## TASK STATEMENT
How do the lines below between the ones holding "#51900 = DEFINITIONAL_REPRESENTATION('',(#51901),#51905);" and "#52367 = FACE_BOUND('',#52368,.F.);", inclusive, read? Give them again exactly, with no other lines.

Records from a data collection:
------------------------------------------------

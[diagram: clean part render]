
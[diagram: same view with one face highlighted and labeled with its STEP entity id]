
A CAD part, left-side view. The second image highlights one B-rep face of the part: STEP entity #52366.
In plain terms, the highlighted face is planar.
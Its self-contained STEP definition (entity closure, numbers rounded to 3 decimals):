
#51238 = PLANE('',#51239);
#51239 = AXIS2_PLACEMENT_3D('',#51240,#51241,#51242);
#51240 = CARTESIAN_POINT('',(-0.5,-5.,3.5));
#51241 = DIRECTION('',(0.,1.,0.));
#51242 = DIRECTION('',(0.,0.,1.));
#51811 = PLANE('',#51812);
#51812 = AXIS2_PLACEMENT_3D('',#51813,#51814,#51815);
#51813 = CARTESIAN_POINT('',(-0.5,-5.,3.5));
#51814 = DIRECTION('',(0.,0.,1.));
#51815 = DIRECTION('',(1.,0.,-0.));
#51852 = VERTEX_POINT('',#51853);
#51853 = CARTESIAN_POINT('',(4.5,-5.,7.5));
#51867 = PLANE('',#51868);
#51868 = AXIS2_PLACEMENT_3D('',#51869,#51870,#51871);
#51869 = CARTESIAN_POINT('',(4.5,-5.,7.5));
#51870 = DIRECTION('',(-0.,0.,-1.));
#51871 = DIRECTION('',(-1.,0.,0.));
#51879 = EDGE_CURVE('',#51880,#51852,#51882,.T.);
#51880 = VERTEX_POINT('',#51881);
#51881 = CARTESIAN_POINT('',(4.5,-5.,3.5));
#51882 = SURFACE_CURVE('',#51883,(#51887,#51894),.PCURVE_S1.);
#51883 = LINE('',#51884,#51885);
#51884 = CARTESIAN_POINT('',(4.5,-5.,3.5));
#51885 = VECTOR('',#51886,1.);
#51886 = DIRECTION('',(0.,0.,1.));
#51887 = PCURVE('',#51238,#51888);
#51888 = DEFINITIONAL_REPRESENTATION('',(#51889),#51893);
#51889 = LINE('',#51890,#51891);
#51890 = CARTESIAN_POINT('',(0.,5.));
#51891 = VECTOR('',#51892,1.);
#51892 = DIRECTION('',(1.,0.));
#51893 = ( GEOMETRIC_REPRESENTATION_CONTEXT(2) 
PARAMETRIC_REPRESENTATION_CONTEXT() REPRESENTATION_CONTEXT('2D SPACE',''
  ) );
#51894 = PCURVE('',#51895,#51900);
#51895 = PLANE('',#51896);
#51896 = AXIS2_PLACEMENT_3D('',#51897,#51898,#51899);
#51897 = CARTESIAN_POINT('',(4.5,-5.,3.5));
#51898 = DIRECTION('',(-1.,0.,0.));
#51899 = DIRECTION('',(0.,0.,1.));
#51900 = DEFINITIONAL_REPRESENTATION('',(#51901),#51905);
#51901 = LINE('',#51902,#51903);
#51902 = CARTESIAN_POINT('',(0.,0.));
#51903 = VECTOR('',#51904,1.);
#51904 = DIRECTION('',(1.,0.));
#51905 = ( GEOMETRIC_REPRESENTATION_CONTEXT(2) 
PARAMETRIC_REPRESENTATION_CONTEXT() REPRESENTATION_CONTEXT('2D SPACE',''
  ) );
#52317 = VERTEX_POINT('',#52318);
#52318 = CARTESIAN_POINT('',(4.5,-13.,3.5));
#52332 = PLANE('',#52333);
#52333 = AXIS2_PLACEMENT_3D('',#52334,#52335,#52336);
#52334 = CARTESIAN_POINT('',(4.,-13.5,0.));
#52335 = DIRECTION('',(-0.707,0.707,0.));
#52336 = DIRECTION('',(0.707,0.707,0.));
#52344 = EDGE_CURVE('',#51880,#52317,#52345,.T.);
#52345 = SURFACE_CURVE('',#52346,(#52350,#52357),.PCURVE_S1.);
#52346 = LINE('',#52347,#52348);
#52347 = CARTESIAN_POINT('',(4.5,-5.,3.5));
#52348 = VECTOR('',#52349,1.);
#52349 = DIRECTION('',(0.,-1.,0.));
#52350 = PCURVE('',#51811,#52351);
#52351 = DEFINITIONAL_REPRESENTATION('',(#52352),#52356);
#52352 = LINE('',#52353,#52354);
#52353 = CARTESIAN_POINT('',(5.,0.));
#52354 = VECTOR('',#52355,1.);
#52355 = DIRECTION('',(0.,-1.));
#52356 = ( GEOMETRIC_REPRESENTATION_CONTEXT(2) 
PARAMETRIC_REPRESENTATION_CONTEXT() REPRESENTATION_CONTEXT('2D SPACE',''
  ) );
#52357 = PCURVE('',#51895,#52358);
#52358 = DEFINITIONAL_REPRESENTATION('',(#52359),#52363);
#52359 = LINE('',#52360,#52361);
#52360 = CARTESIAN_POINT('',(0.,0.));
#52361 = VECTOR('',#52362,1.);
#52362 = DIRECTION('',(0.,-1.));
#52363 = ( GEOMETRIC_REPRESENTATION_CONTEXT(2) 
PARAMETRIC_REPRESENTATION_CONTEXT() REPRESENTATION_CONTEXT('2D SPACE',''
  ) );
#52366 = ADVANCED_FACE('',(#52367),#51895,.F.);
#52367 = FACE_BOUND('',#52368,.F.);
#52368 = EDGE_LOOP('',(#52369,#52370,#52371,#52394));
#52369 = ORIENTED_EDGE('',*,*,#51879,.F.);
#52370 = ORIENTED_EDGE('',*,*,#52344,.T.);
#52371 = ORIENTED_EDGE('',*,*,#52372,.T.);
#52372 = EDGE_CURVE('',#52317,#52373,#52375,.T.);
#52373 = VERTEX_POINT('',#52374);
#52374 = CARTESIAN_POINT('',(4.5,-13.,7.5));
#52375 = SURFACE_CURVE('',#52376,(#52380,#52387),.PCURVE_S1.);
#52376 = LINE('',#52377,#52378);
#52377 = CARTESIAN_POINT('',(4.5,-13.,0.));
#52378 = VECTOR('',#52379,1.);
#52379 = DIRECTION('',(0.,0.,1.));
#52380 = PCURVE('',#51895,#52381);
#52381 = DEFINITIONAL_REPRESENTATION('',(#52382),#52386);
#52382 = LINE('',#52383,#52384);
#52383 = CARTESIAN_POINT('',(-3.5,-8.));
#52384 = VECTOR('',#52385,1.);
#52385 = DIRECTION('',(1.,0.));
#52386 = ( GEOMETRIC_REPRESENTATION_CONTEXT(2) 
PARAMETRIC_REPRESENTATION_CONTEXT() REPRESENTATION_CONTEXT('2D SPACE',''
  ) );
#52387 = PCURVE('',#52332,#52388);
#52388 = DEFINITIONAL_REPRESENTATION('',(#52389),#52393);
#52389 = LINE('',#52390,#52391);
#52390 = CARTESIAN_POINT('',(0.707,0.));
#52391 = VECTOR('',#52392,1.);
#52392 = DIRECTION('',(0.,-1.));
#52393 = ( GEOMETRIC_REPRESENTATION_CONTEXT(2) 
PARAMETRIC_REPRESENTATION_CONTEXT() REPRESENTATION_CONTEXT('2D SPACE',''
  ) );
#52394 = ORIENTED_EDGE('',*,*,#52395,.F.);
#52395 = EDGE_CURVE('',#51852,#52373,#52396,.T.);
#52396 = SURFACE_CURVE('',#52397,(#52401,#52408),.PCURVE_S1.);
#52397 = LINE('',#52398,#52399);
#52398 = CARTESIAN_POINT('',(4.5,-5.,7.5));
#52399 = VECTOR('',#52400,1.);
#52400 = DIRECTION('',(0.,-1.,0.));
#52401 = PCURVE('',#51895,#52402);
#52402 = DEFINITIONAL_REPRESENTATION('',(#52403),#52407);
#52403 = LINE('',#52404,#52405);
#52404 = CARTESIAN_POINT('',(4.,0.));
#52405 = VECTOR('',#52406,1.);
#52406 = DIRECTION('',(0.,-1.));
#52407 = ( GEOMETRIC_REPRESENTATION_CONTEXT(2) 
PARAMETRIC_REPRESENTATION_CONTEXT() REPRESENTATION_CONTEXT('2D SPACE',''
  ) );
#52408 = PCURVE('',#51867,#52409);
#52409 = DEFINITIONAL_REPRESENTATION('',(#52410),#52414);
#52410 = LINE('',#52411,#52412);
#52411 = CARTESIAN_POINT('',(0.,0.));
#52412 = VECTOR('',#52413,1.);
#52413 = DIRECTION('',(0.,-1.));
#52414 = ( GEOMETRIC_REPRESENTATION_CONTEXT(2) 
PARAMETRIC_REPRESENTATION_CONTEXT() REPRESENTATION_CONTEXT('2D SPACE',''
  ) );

------------------------------------------------

## SOLUTION
#51900 = DEFINITIONAL_REPRESENTATION('',(#51901),#51905);
#51901 = LINE('',#51902,#51903);
#51902 = CARTESIAN_POINT('',(0.,0.));
#51903 = VECTOR('',#51904,1.);
#51904 = DIRECTION('',(1.,0.));
#51905 = ( GEOMETRIC_REPRESENTATION_CONTEXT(2) 
PARAMETRIC_REPRESENTATION_CONTEXT() REPRESENTATION_CONTEXT('2D SPACE',''
  ) );
#52317 = VERTEX_POINT('',#52318);
#52318 = CARTESIAN_POINT('',(4.5,-13.,3.5));
#52332 = PLANE('',#52333);
#52333 = AXIS2_PLACEMENT_3D('',#52334,#52335,#52336);
#52334 = CARTESIAN_POINT('',(4.,-13.5,0.));
#52335 = DIRECTION('',(-0.707,0.707,0.));
#52336 = DIRECTION('',(0.707,0.707,0.));
#52344 = EDGE_CURVE('',#51880,#52317,#52345,.T.);
#52345 = SURFACE_CURVE('',#52346,(#52350,#52357),.PCURVE_S1.);
#52346 = LINE('',#52347,#52348);
#52347 = CARTESIAN_POINT('',(4.5,-5.,3.5));
#52348 = VECTOR('',#52349,1.);
#52349 = DIRECTION('',(0.,-1.,0.));
#52350 = PCURVE('',#51811,#52351);
#52351 = DEFINITIONAL_REPRESENTATION('',(#52352),#52356);
#52352 = LINE('',#52353,#52354);
#52353 = CARTESIAN_POINT('',(5.,0.));
#52354 = VECTOR('',#52355,1.);
#52355 = DIRECTION('',(0.,-1.));
#52356 = ( GEOMETRIC_REPRESENTATION_CONTEXT(2) 
PARAMETRIC_REPRESENTATION_CONTEXT() REPRESENTATION_CONTEXT('2D SPACE',''
  ) );
#52357 = PCURVE('',#51895,#52358);
#52358 = DEFINITIONAL_REPRESENTATION('',(#52359),#52363);
#52359 = LINE('',#52360,#52361);
#52360 = CARTESIAN_POINT('',(0.,0.));
#52361 = VECTOR('',#52362,1.);
#52362 = DIRECTION('',(0.,-1.));
#52363 = ( GEOMETRIC_REPRESENTATION_CONTEXT(2) 
PARAMETRIC_REPRESENTATION_CONTEXT() REPRESENTATION_CONTEXT('2D SPACE',''
  ) );
#52366 = ADVANCED_FACE('',(#52367),#51895,.F.);
#52367 = FACE_BOUND('',#52368,.F.);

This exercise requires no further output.